DOMINGO XXIV DE TIEMPO ORDINARIO -A-
«No te digo hasta siete veces, sino hasta setenta veces siete»
CITAS BÍBLICAS: Eclo 27, 30 – 28,7 * Rm 14, 7-9 * Mt 18, 21-35
La actitud en la que más se visibiliza el amor cristiano es el perdón. El perdón que nos enseñó a practicar el Señor Jesús es semejante al que nos otorga el Padre cuando pecamos. Para que se entienda cómo es este perdón, voy a referirme a un ejemplo que escuché hace muchos a una de mis catequistas. Decía que nuestro interior es como un precioso y caro jarrón de porcelana que, cuando pecamos se rompe en mil pedazos. Dios, con su perdón, no se limita a recomponer el jarrón, sino que nos da un jarrón nuevo. Significa esto que el perdón del Padre no es un apaño, sino el principio de una vida nueva.

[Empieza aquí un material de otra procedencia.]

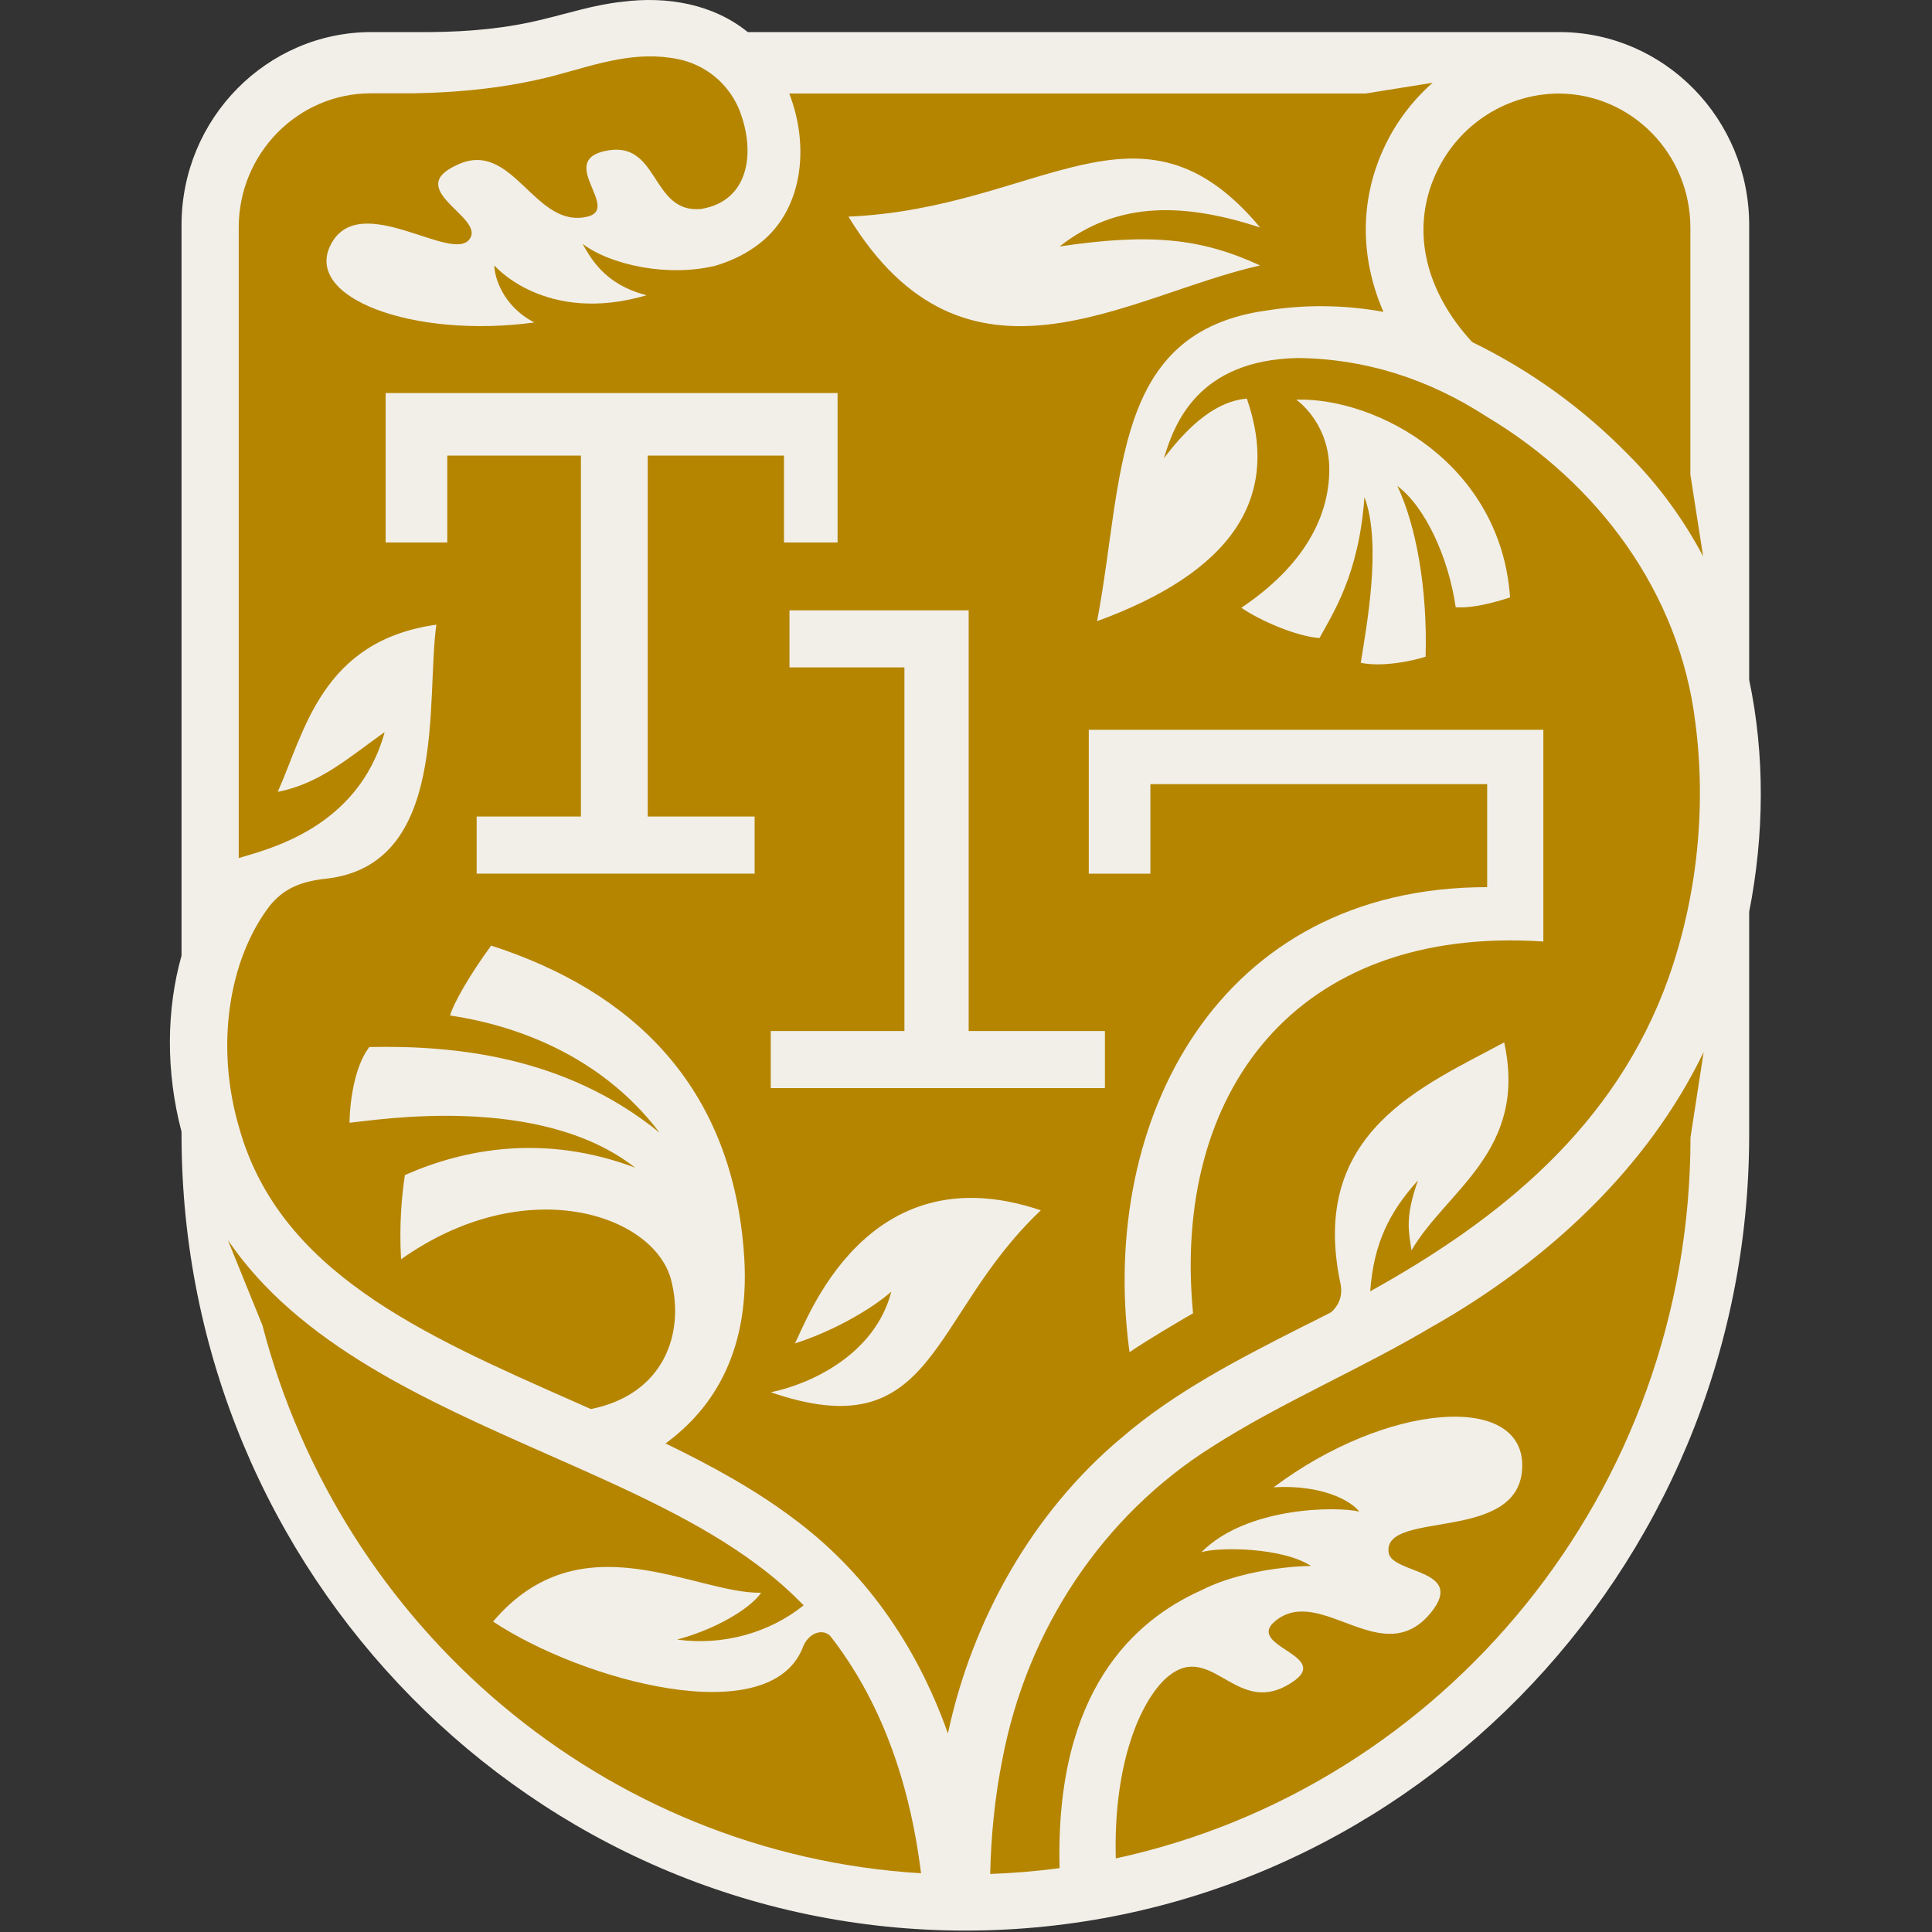 <svg width="580" height="580" viewBox="0 0 580 580" fill="none" xmlns="http://www.w3.org/2000/svg">
<rect x="0" y="0" width="580" height="580" fill="#333333" stroke="none"/>
<path d="M525.116 204.072V67.533C525.116 35.744 499.758 9.851 468.501 9.628C468.501 9.628 468.391 9.628 468.328 9.628C468.25 9.628 468.171 9.628 468.077 9.628H224.482C214.157 1.263 200.411 -1.223 186.806 0.53C178.443 1.406 170.064 4.131 163.05 5.788C151.987 8.545 140.815 9.517 129.485 9.628H111.534C80.088 9.628 54.496 35.601 54.496 67.549V286.881C49.929 303.166 49.741 321.681 54.496 339.766V340.627C54.496 472.385 160.052 579.574 289.806 579.574C419.559 579.574 525.116 472.385 525.116 340.627V273.735C529.65 250.711 529.886 226.762 525.116 204.088V204.072Z" fill="#F2EFE9"/>
<path d="M430.263 398.072C408.703 410.963 384.507 421.065 363.668 434.465C330.779 455.227 308.324 489.422 300.965 527.951C298.69 539.28 297.513 550.896 297.262 562.575C304.292 562.32 311.243 561.747 318.1 560.823C316.704 507.475 340.664 486.347 360.655 477.408C375.092 470.11 393.592 470.11 393.592 470.11C384.773 464.405 365.488 464.405 360.655 465.999C374.307 452.2 401.626 452.2 408.044 453.793C405.627 450.543 396.809 445.635 382.357 446.496C416.078 421.208 456.986 417.958 456.986 439.931C456.986 463.625 415.23 452.997 416.862 466.015C417.647 472.58 440.133 470.923 429.667 484.004C415.231 501.93 396.793 475.846 383.141 486.394C372.691 494.553 402.426 497.007 386.342 505.977C370.337 514.932 363.072 491.318 349.42 504.384C341.402 512.463 334.247 531.153 334.968 557.907C433.417 536.635 507.497 447.675 507.497 341.458L511.451 315.82C494.347 351.258 463.89 378.983 430.279 398.088L430.263 398.072Z" fill="#B58500"/>
<path d="M240.931 494.775C230.731 519.823 174.869 504.574 148.021 486.808C174.446 455.656 208.433 478.522 228.503 478.155C225.192 482.983 214.585 489.229 203.255 492.209C216.813 494.105 230.81 490.313 241.26 481.932C236.992 477.55 232.394 473.487 227.389 469.806C209.94 456.74 187.909 447.004 164.576 436.695C127.669 420.378 89.774 403.616 68.402 372.273L78.79 397.895C102.359 488.56 181.303 556.631 276.503 562.367C272.926 533.59 263.793 509.769 249.247 491.126C246.815 488.72 242.515 490.297 240.899 494.806L240.931 494.775Z" fill="#B58500"/>
<path d="M442 102.715C459.496 111.24 475.203 122.569 488.996 136.671C498.082 145.801 505.472 156.047 511.294 167.025L507.465 142.471V68.345C507.465 46.229 489.812 28.208 468.048 28.08C451.541 28.144 436.775 38.15 430.404 53.622C423.766 69.748 428.003 87.53 441.969 102.715H442Z" fill="#B58500"/>
<path d="M336.523 431.787C352.497 417.924 372.033 407.934 390.267 398.66C393.405 397.114 396.543 395.537 399.65 393.928C401.423 392.334 403.306 389.546 402.412 385.307C392.746 339.72 427.44 326.017 451.558 312.935C458.744 345.52 434.124 357.455 423.737 375.38C422.952 369.676 421.681 365.788 425.667 354.379C417.178 363.764 412.392 373.213 411.34 387.666C450.459 365.963 484.996 338.063 500.86 293.718C509.459 269.451 512.315 242.554 508.957 216.948C504.203 177.702 479.504 144.91 446.348 125.104C428.727 113.663 409.614 107.64 389.404 107.481C359.59 108.198 352.544 127.159 349.406 137.58C357.44 126.968 365.49 120.451 374.308 119.654C384.759 149.786 369.475 171.823 329.352 186.482C337.512 143.54 333.542 99.594 380.428 93.188C391.852 91.371 403.793 91.499 415.326 93.634C408.673 78.369 408.171 61.989 414.416 46.82C417.978 38.152 423.407 30.727 430.092 24.847L410.007 28.066H236.929C243.127 43.856 241.276 63.917 226.745 74.051C222.964 76.76 218.853 78.545 214.82 79.756C200.635 83.245 183.358 79.628 174.854 73.175C177.27 77.222 181.256 85.38 194.138 88.631C163.618 97.586 148.398 79.676 148.398 79.676C148.398 82.927 150.814 91.881 160.417 96.805C124.28 101.713 90.621 89.444 99.44 73.175C108.259 56.842 136.362 79.676 141.133 71.518C145.181 65.017 121.063 56.858 137.147 49.545C154.015 41.386 160.417 69.048 176.486 65.001C186.089 62.547 167.667 48.668 181.256 45.418C198.124 41.37 195.033 64.172 210.458 62.738C225.647 60.236 226.808 44.398 221.63 32.224C218.256 24.767 211.682 19.477 203.757 17.788C190.89 15.127 179.765 19.095 166.725 22.632C152.791 26.313 138.104 27.795 123.778 28.018H123.762H111.319C89.445 28.018 71.666 46.087 71.666 68.283V257.596C80.108 254.998 107.521 248.784 115.477 219.784C105.026 227.146 96.192 235.24 83.388 237.71C91.422 219.784 96.49 192.378 130.996 187.534C127.795 210.303 134.746 259.747 97.824 263.794C89.79 264.655 84.957 267.045 80.956 271.952C68.449 288.38 64.621 314.464 71.855 338.764C84 381.722 126.524 400.524 171.558 420.426C173.488 421.286 175.434 422.147 177.38 423.007C199.254 418.657 205.719 400.349 201.435 384.08C196.1 364.481 157.718 351.639 120.404 378.041C119.776 367.413 120.686 358.458 121.549 352.77C139.375 344.867 163.493 340.309 190.671 350.539C162.034 328.072 112.966 336.31 104.917 337.059C104.995 332.151 105.999 320.742 110.864 314.321C135.766 313.827 169.456 316.775 198.014 340.039C179.922 316.137 153.513 307.581 135.123 304.856C135.954 301.622 140.913 292.73 147.456 283.871C189.808 297.574 219.072 325.682 223.215 374.663C225.929 405.193 214.082 422.864 199.803 433.333C213.392 439.913 226.432 447.068 237.698 455.497C259.133 471.224 274.934 493.229 284.569 520.396C291.865 486.25 309.926 454.111 336.555 431.739L336.523 431.787ZM399.023 139.461C398.379 126.299 389.137 119.973 389.137 119.973C413.365 119.288 450.554 139.174 453.331 179.359C445.077 182.02 440.26 182.53 437.012 182.291C434.862 167.425 427.942 152.224 419.484 145.882C425.133 157.737 428.57 176.746 427.973 197.142C423.815 198.496 414.84 200.313 408.516 198.974C409.991 189.302 415.028 163.521 409.614 149.212C407.951 172.779 399.917 184.426 396.135 191.549C388.964 191.023 378.043 186.163 372.661 182.451C391.24 169.974 399.572 155.012 399.038 139.461H399.023ZM463.326 219.067V282.644C388.713 277.736 351.791 328.263 358.162 394.262C354.772 396.174 343.773 402.691 339.112 405.926L338.955 404.89C330.074 336.469 365.427 266.328 446.458 266.328V235.4H345.358V262.28H326.857V219.083H463.311L463.326 219.067ZM378.294 68.283C355.871 60.985 335.754 60.125 318.101 73.987C345.42 69.94 360.641 71.534 378.294 79.692C338.171 88.647 289.998 122.889 254.708 65.032C312.484 62.579 342.219 25.086 378.294 68.283ZM226.557 262.264H143.094V245.135H174.399V136.768H134.275V162.852H115.775V117.997H251.444V162.852H235.36V136.768H194.452V245.135H226.541V262.264H226.557ZM231.39 309.525H271.513V200.361H237.008V183.231H290.798V309.525H331.706V326.654H231.39V309.525ZM231.437 417.956C243.457 415.502 262.742 406.547 267.575 387.761C261.11 393.466 249.074 400.046 238.624 403.297C241.888 397.592 259.541 345.424 312.468 363.35C278.747 395.139 281.164 435.085 231.422 417.972L231.437 417.956Z" fill="#B58500"/>
</svg>

La manifestación más eminente del perdón cristiano es el perdón al enemigo, a aquel que conscientemente viene a hacernos daño. Esto quiere decir que, a la hora de perdonar, el cristiano no mira si se trata de un asesino, un terrorista, un ladrón o uno que ha abusado de un menor. El cristiano perdona sin hacer distinción del tipo de agravio o de la persona que lo ha realizado.
Pedro, que ha escuchado de labios de su Maestro estas palabras: «Amad a vuestros enemigos. Haced el bien a los que os odian, rezad por los que os persiguen…», tiene una duda, por eso pregunta al Señor: «Si mi hermano me ofende, ¿cuántas veces le tengo que perdonar? ¿Hasta siete veces?» La respuesta del Señor no deja lugar a dudas: «No te digo hasta siete veces, sino hasta setenta veces siete»
Pedro nombra el número siete porque entre los hebreos el siete es el número de la perfección y de la plenitud. Por eso el Señor le responde diciendo: «no siete, sino setenta veces siete», indicándole que el número de veces que ha que perdonar es infinito.
Podemos preguntarnos ¿por qué el Señor quiere que tú y yo, que nos llamamos discípulos suyos, perdonemos sin límite a los que nos ofenden? Sencillamente, porque la misericordia de Dios hacia el pecador se manifiesta de un modo fundamental en el perdón. ¿Cómo sabrá tu pariente, tu amigo, tu jefe o tu vecino, que no pisan para nada la iglesia, que Dios no toma en cuenta sus pecados, sino que los perdona sin poner ninguna condición? Sin duda se enterarán cuando tú, que como cristiano tienes la asistencia y la fuerza del Espíritu Santo, les perdones cada vez que te hagan daño o te ofendan. Es decir, que cada vez que con la ayuda del Señor perdonamos a nuestros enemigos, hacemos presente en este mundo al mismo Dios que es amor y que, por tanto, es misericordia y perdón.
El evangelio se completa con la parábola del rey que quiso ajustar cuentas con sus empleados. La deuda del primer empleado, diez mil talentos, es de una magnitud inimaginable, pues se trata de millones, mientras que la deuda del compañero, cien denarios, es ridícula. Trasladadas a nuestra vida, nuestra deuda con el Señor es incalculable. Nunca seríamos capaces de pagarla. Sin embargo, la deuda, la ofensa o el daño que puedan hacernos los demás es, comparada con nuestra deuda una nimiedad. Si Dios a ti y a mí nos perdona sin límites ni condiciones, ¿quiénes somos nosotros para tomar en cuenta las ofensas de nuestro prójimo, que son infinitamente más pequeñas que las nuestras, negándonos a perdonarlas?
Para terminar, queremos señalar que la recompensa que nos da el Señor cada vez que perdonamos de corazón, es inmediata. La satisfacción, la paz interior y la alegría que experimentamos cada vez que perdonamos sinceramente al otro, difícilmente podremos obtenerla por otros medios.